My contention remains that the reductive, anachronistic style of reasoning that Sartwell deploys could be used to dismiss any system of philosophy, or any philosopher who made foundational contributions, on the basis of contemporary problems. And I tried to explain this fallacy through a few examples in my previous article. Sartwell contends that the “main line” in Western philosophy is dualist and that thinkers like “Diogenes, Lucretius, Montaigne, Spinoza, Emerson, Dewey, and Foucault” and recent feminist and critical race theorists are but dissenters to it.
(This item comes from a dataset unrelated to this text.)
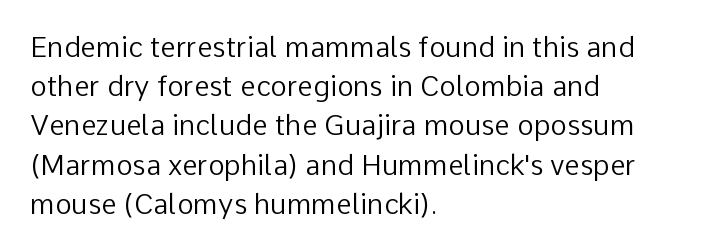
The image shows 28 px regular-weight sans-serif type, upright; set left-aligned, normal line spacing (1.4x), normal letter spacing, not underlined; low stroke contrast and a medium x-height.

Even here, he misses the elephant in the room, a non-dualist strand of Western philosophy that had the greatest intellectual and political impact in the last century not just in Europe, but more so in non-European countries – Marxism.
A truly leftist thing to do today would be to resist the philosophical policemen who want to arrest the emancipatory legacy within the Western tradition. And, yes, that includes Plato.
Notes:
[i] Alain Badiou, Plato’s Republic: A Dialogue in 16 Chapters. Cambridge: Polity Press, 2015.
[ii] Slavoj Žižek, “The Three Events of Philosophy”, in International Journal of Žižek Studies, Vol.7 No.1, p.12.
[iii] Jean-Paul Sartre, We Have Only This Life to Live: The Selected Essays of Jean-Paul Sartre 1939-1975. Ed. Ronald Aronson and Adrian Van Den Hoven. New York: New York Review of Books, 2013, p.87.